Set down, exactly as they appear, the line containing "STEP (ISO 10303-21)" and all subsequent lines through the end of the material below.

»»

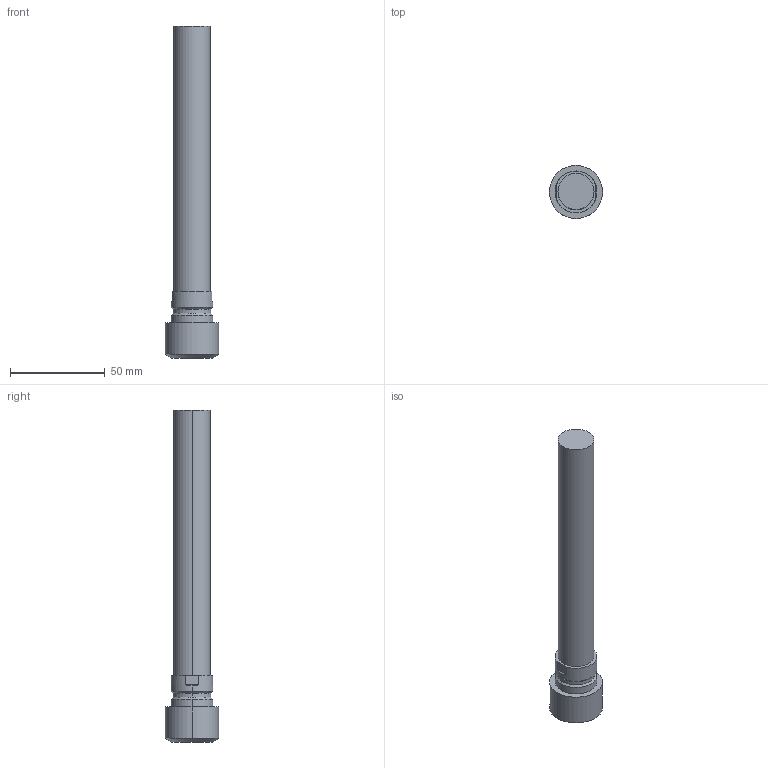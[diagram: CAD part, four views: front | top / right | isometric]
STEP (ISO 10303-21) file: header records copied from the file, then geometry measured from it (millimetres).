
FILE_DESCRIPTION (( 'STEP AP203' ), '1' );
FILE_NAME ('STP-04856.STEP', '2020-06-09T05:44:42', ( '' ), ( '' ), 'SwSTEP 2.0', 'SolidWorks 2017', '' );
FILE_SCHEMA (( 'CONFIG_CONTROL_DESIGN' ));
Length unit declared in the file: millimetre
Products named in the file (1): STP-04856
Bounding box: 28 x 28 x 175.1 mm (x, y, z)
Volume: 55001.4 mm3; surface area: 13161.9 mm2
Topology: 1 solids, 1 shells, 27 faces, 56 edges, 34 vertices
Faces by surface type: cylinder 12, plane 9, cone 6
Entity records: 793 total; most frequent: DIRECTION 134, CARTESIAN_POINT 130, ORIENTED_EDGE 112, EDGE_CURVE 56, AXIS2_PLACEMENT_3D 54, VERTEX_POINT 34, EDGE_LOOP 30, FACE_OUTER_BOUND 27

««

**Response to the task**:
STEP (ISO 10303-21) file: header records copied from the file, then geometry measured from it (millimetres).
FILE_DESCRIPTION (( 'STEP AP203' ), '1' );
FILE_NAME ('STP-04856.STEP', '2020-06-09T05:44:42', ( '' ), ( '' ), 'SwSTEP 2.0', 'SolidWorks 2017', '' );
FILE_SCHEMA (( 'CONFIG_CONTROL_DESIGN' ));
Length unit declared in the file: millimetre
Products named in the file (1): STP-04856
Bounding box: 28 x 28 x 175.1 mm (x, y, z)
Volume: 55001.4 mm3; surface area: 13161.9 mm2
Topology: 1 solids, 1 shells, 27 faces, 56 edges, 34 vertices
Faces by surface type: cylinder 12, plane 9, cone 6
Entity records: 793 total; most frequent: DIRECTION 134, CARTESIAN_POINT 130, ORIENTED_EDGE 112, EDGE_CURVE 56, AXIS2_PLACEMENT_3D 54, VERTEX_POINT 34, EDGE_LOOP 30, FACE_OUTER_BOUND 27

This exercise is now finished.